Ana Kostovska · JOŽEF STEFAN INSTITUTE · Ana.Kostovska@ijs.si

Ana Kostovska is a PhD student at the Department of Knowledge Technologies at the Jozef Stefan Institute. She is a holder of the Young Researcher Grant awarded by the Slovenian research agency. Her research interests lie in the fields of machine learning, and knowledge representation and reasoning. Ana’s research work has focused on formalizing the knowledge in a variety of domains (i.e., machine learning, processed-based modelling, optimization) in the form of ontologies. Her main goal is to improve reusability and reproducibility of the research resources and develop benchmarking systems that rely on the use of semantic web technologies. She has been involved in several national and international research projects (e.g., IMPERATRIX, TAILOR) and is currently working on two ESA funded projects: GalaxAI and AITLAS.

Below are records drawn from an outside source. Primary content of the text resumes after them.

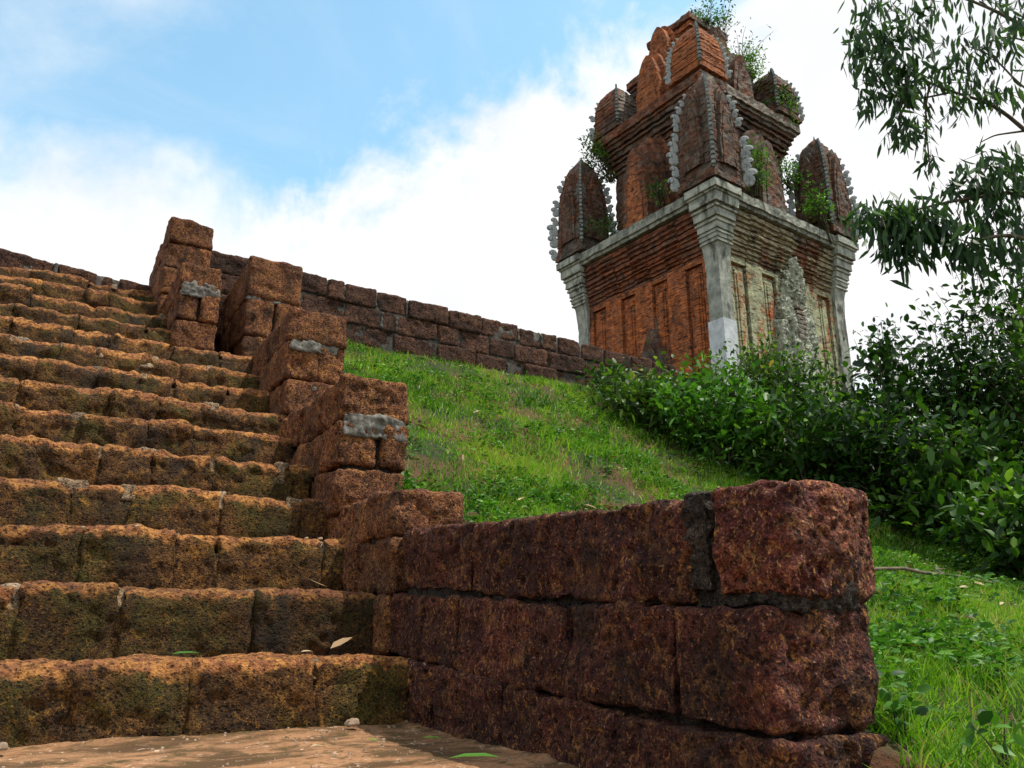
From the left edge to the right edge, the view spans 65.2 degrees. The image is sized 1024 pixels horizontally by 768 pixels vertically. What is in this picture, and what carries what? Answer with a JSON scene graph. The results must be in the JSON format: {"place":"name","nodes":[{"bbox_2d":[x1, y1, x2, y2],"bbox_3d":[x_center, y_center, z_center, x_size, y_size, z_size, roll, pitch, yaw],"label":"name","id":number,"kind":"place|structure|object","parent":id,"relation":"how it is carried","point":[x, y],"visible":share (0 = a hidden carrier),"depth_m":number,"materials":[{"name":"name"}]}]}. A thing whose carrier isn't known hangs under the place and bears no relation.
{"place":"outdoors","nodes":[
{"label":"outdoors","id":0,"kind":"place"},
{"bbox_2d":[0,722,577,767],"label":"floor","id":1,"kind":"structure","parent":0,"point":[219,750],"depth_m":2.75,"materials":[{"name":"brown stone"}]},
{"bbox_2d":[0,742,7,750],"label":"pebble","id":2,"kind":"object","parent":1,"relation":"on","point":[3,745],"visible":1,"depth_m":2.65,"materials":[{"name":"stone"}]},
{"bbox_2d":[1,720,572,767],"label":"grit","id":3,"kind":"object","parent":1,"relation":"on","point":[350,753],"visible":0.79,"depth_m":2.88,"materials":[{"name":"gravel"}]},
{"bbox_2d":[344,718,359,726],"bbox_3d":[-0.662,1.399,3.307,0.057,0.034,0.045,10,-19,-29],"label":"pebble","id":4,"kind":"object","parent":1,"relation":"on","point":[350,722],"visible":1,"depth_m":3.30,"materials":[{"name":"stone"}]},
{"bbox_2d":[450,753,498,757],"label":"fallen leaf","id":5,"kind":"object","parent":1,"relation":"on","point":[473,754],"visible":1,"depth_m":2.38,"materials":[{"name":"green plant"}]},
{"bbox_2d":[0,0,1023,438],"label":"sky","id":6,"kind":"structure","parent":0,"point":[416,150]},
{"bbox_2d":[214,338,1023,767],"bbox_3d":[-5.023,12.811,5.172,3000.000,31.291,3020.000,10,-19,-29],"label":"ground","id":7,"kind":"structure","parent":0,"point":[884,756],"depth_m":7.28,"materials":[{"name":"green plant"}]},
{"bbox_2d":[0,248,151,290],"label":"boundary wall","id":8,"kind":"structure","parent":7,"relation":"on","point":[9,259],"depth_m":9.05,"materials":[{"name":"brown stone"}]},
{"bbox_2d":[0,267,409,747],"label":"staircase","id":9,"kind":"structure","parent":7,"relation":"on","point":[118,420],"depth_m":4.12,"materials":[{"name":"brown stone"}]},
{"bbox_2d":[173,651,196,653],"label":"fallen leaf","id":10,"kind":"object","parent":9,"relation":"on","point":[185,652],"visible":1,"depth_m":3.27,"materials":[{"name":"green plant"}]},
{"bbox_2d":[149,217,463,656],"bbox_3d":[-2.442,-0.012,7.283,1.386,4.578,6.959,10,-19,-29],"label":"stair balustrade","id":11,"kind":"object","parent":9,"relation":"on","point":[347,434],"visible":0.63,"depth_m":5.63,"materials":[{"name":"brown stone"}]},
{"bbox_2d":[331,637,351,647],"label":"fallen leaf","id":12,"kind":"object","parent":9,"relation":"on","point":[339,642],"visible":1,"depth_m":3.65,"materials":[{"name":"beige plant"}]},
{"bbox_2d":[210,250,675,386],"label":"boundary wall","id":13,"kind":"structure","parent":7,"relation":"on","point":[390,323],"depth_m":10.78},
{"bbox_2d":[577,360,642,401],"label":"bush","id":14,"kind":"object","parent":7,"relation":"on","point":[606,373],"visible":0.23,"depth_m":10.78,"materials":[{"name":"green plant"}]},
{"bbox_2d":[575,339,691,441],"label":"bush","id":15,"kind":"object","parent":7,"relation":"on","point":[627,398],"visible":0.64,"depth_m":9.59,"materials":[{"name":"green plant"}]},
{"bbox_2d":[390,479,887,767],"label":"retaining wall","id":16,"kind":"structure","parent":7,"relation":"on","point":[723,627],"depth_m":2.25,"materials":[{"name":"brown stone"}]},
{"bbox_2d":[633,364,730,408],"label":"bush","id":17,"kind":"object","parent":7,"relation":"on","point":[685,377],"visible":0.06,"depth_m":11.75,"materials":[{"name":"green plant"}]},
{"bbox_2d":[344,337,1023,743],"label":"weeds","id":18,"kind":"object","parent":7,"relation":"on","point":[992,651],"visible":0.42,"depth_m":5.43,"materials":[{"name":"green plant"}]},
{"bbox_2d":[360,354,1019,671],"bbox_3d":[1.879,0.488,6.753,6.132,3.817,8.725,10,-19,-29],"label":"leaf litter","id":19,"kind":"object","parent":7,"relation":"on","point":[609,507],"visible":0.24,"depth_m":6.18,"materials":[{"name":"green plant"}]},
{"bbox_2d":[547,11,864,400],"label":"temple tower","id":20,"kind":"structure","parent":7,"relation":"on","point":[712,254],"depth_m":21.37,"materials":[{"name":"orange brick"}]},
{"bbox_2d":[571,128,617,189],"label":"climbing plant","id":21,"kind":"object","parent":20,"relation":"attached to","point":[604,166],"visible":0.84,"depth_m":24.17,"materials":[{"name":"green plant"}]},
{"bbox_2d":[578,206,622,240],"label":"rooted shrub","id":22,"kind":"object","parent":20,"relation":"on","point":[603,235],"visible":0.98,"depth_m":22.53,"materials":[{"name":"green plant"}]},
{"bbox_2d":[640,166,674,208],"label":"rooted shrub","id":23,"kind":"object","parent":20,"relation":"on","point":[658,197],"visible":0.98,"depth_m":20.77,"materials":[{"name":"green plant"}]},
{"bbox_2d":[690,0,735,30],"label":"tuft","id":24,"kind":"object","parent":20,"relation":"on","point":[709,19],"visible":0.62,"depth_m":24.30,"materials":[{"name":"green plant"}]},
{"bbox_2d":[690,0,739,38],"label":"sapling","id":25,"kind":"object","parent":20,"relation":"on","point":[691,11],"visible":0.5,"depth_m":24.57,"materials":[{"name":"green plant"}]},
{"bbox_2d":[726,36,768,84],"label":"tuft","id":26,"kind":"object","parent":20,"relation":"on","point":[749,57],"visible":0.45,"depth_m":23.80,"materials":[{"name":"green plant"}]},
{"bbox_2d":[728,17,776,62],"bbox_3d":[7.405,-10.338,24.811,1.214,1.563,1.680,2,-17,-6],"label":"sapling","id":27,"kind":"object","parent":20,"relation":"on","point":[739,52],"visible":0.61,"depth_m":24.73,"materials":[{"name":"green plant"}]},
{"bbox_2d":[741,130,777,198],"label":"rooted shrub","id":28,"kind":"object","parent":20,"relation":"on","point":[756,188],"visible":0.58,"depth_m":20.44,"materials":[{"name":"green plant"}]},
{"bbox_2d":[755,81,799,106],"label":"rooted shrub","id":29,"kind":"object","parent":20,"relation":"on","point":[794,98],"visible":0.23,"depth_m":23.53,"materials":[{"name":"green plant"}]},
{"bbox_2d":[764,87,800,124],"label":"rooted shrub","id":30,"kind":"object","parent":20,"relation":"on","point":[783,95],"visible":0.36,"depth_m":23.36,"materials":[{"name":"green plant"}]},
{"bbox_2d":[777,150,802,201],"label":"rooted shrub","id":31,"kind":"object","parent":20,"relation":"on","point":[784,180],"visible":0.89,"depth_m":22.93,"materials":[{"name":"green plant"}]},
{"bbox_2d":[794,179,835,229],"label":"rooted shrub","id":32,"kind":"object","parent":20,"relation":"on","point":[808,209],"visible":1,"depth_m":21.75,"materials":[{"name":"green plant"}]},
{"bbox_2d":[798,169,834,244],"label":"tall weed","id":33,"kind":"object","parent":20,"relation":"on","point":[826,229],"visible":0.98,"depth_m":21.67,"materials":[{"name":"green plant"}]},
{"bbox_2d":[641,353,794,468],"bbox_3d":[2.361,0.414,9.322,1.714,1.640,1.473,-5,-17,16],"label":"bush","id":34,"kind":"object","parent":7,"relation":"on","point":[697,423],"visible":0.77,"depth_m":9.08,"materials":[{"name":"green plant"}]},
{"bbox_2d":[683,331,816,423],"bbox_3d":[3.465,0.100,11.740,1.874,1.709,1.990,10,-19,-29],"label":"bush","id":35,"kind":"object","parent":7,"relation":"on","point":[747,366],"visible":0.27,"depth_m":11.49,"materials":[{"name":"green plant"}]},
{"bbox_2d":[717,352,817,395],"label":"bush","id":36,"kind":"object","parent":7,"relation":"on","point":[784,373],"depth_m":13.52,"materials":[{"name":"green plant"}]},
{"bbox_2d":[731,329,849,434],"bbox_3d":[4.015,0.187,11.922,1.902,2.090,2.112,10,-19,-29],"label":"bush","id":37,"kind":"object","parent":7,"relation":"on","point":[819,377],"visible":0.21,"depth_m":11.54,"materials":[{"name":"green plant"}]},
{"bbox_2d":[576,365,1023,581],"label":"undergrowth","id":38,"kind":"object","parent":7,"relation":"on","point":[746,474],"visible":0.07,"depth_m":8.41,"materials":[{"name":"green plant"}]},
{"bbox_2d":[716,361,899,484],"bbox_3d":[3.259,0.583,8.790,1.850,1.880,1.637,-8,-19,25],"label":"bush","id":39,"kind":"object","parent":7,"relation":"on","point":[796,458],"visible":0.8,"depth_m":8.64,"materials":[{"name":"green plant"}]},
{"bbox_2d":[786,346,919,459],"bbox_3d":[4.440,0.651,10.446,1.989,2.239,1.987,10,-19,-29],"label":"bush","id":40,"kind":"object","parent":7,"relation":"on","point":[858,388],"visible":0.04,"depth_m":10.35,"materials":[{"name":"green plant"}]},
{"bbox_2d":[800,375,963,519],"bbox_3d":[3.940,0.727,8.741,1.786,1.743,1.597,-5,-18,17],"label":"bush","id":41,"kind":"object","parent":7,"relation":"on","point":[874,459],"visible":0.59,"depth_m":8.47,"materials":[{"name":"green plant"}]},
{"bbox_2d":[848,302,929,503],"bbox_3d":[4.654,0.368,9.732,1.053,2.761,1.083,-15,-22,40],"label":"bush","id":42,"kind":"object","parent":7,"relation":"on","point":[883,351],"visible":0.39,"depth_m":9.88,"materials":[{"name":"green plant"}]},
{"bbox_2d":[843,316,941,451],"bbox_3d":[5.816,0.256,12.428,1.436,2.514,1.815,2,-17,-6],"label":"bush","id":43,"kind":"object","parent":7,"relation":"on","point":[894,356],"visible":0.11,"depth_m":12.34,"materials":[{"name":"green plant"}]},
{"bbox_2d":[879,672,927,755],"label":"weed plant","id":44,"kind":"object","parent":7,"relation":"on","point":[920,710],"visible":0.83,"depth_m":2.03,"materials":[{"name":"green plant"}]},
{"bbox_2d":[833,0,1023,318],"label":"eucalyptus tree","id":45,"kind":"object","parent":7,"relation":"on","point":[897,227],"visible":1,"depth_m":8.79,"materials":[{"name":"green plant"}]},
{"bbox_2d":[860,373,1023,557],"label":"bush","id":46,"kind":"object","parent":7,"relation":"on","point":[940,461],"visible":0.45,"depth_m":7.71,"materials":[{"name":"green plant"}]},
{"bbox_2d":[874,567,1022,589],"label":"fallen twig","id":47,"kind":"object","parent":7,"relation":"on","point":[906,569],"visible":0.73,"depth_m":5.61,"materials":[{"name":"wood"}]},
{"bbox_2d":[880,266,1023,472],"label":"bush","id":48,"kind":"object","parent":7,"relation":"on","point":[944,383],"visible":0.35,"depth_m":9.52,"materials":[{"name":"green plant"}]},
{"bbox_2d":[893,204,1023,441],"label":"bush","id":49,"kind":"object","parent":7,"relation":"on","point":[1002,314],"visible":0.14,"depth_m":11.02,"materials":[{"name":"green plant"}]},
{"bbox_2d":[902,429,1023,582],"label":"bush","id":50,"kind":"object","parent":7,"relation":"on","point":[993,536],"visible":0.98,"depth_m":6.37,"materials":[{"name":"green plant"}]},
{"bbox_2d":[949,273,1023,476],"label":"bush","id":51,"kind":"object","parent":7,"relation":"on","point":[1016,338],"visible":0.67,"depth_m":8.87,"materials":[{"name":"green plant"}]},
{"bbox_2d":[960,708,1023,767],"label":"weed plant","id":52,"kind":"object","parent":7,"relation":"on","point":[983,718],"visible":0.95,"depth_m":1.82,"materials":[{"name":"green plant"}]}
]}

Panče Panov · JOŽEF STEFAN INSTITUTE · Pance.Panov@ijs.si

Panče Panov is a researcher at JSI KT and Assistant Professor at the Jožef Stefan International Postgraduate School and Faculty of Information Studies in Novo Mesto. He completed his PhD in 2012 in data mining at the JS International Postgraduate School, Ljubljana. His research interests include ML, data mining, knowledge discovery and ontologies for describing them in various applications. He is the principal investigator of the national basic research project IMPERATRIX (2018-2021) and was involved in several other national and EU projects (e.g. IQ, SUMO, MAESTRA). He published over 30 scientific publications and was the co-editor of one book and one journal special issue, both published by Springer. He was program co-chair of the International Conference on Discovery Science in 2014.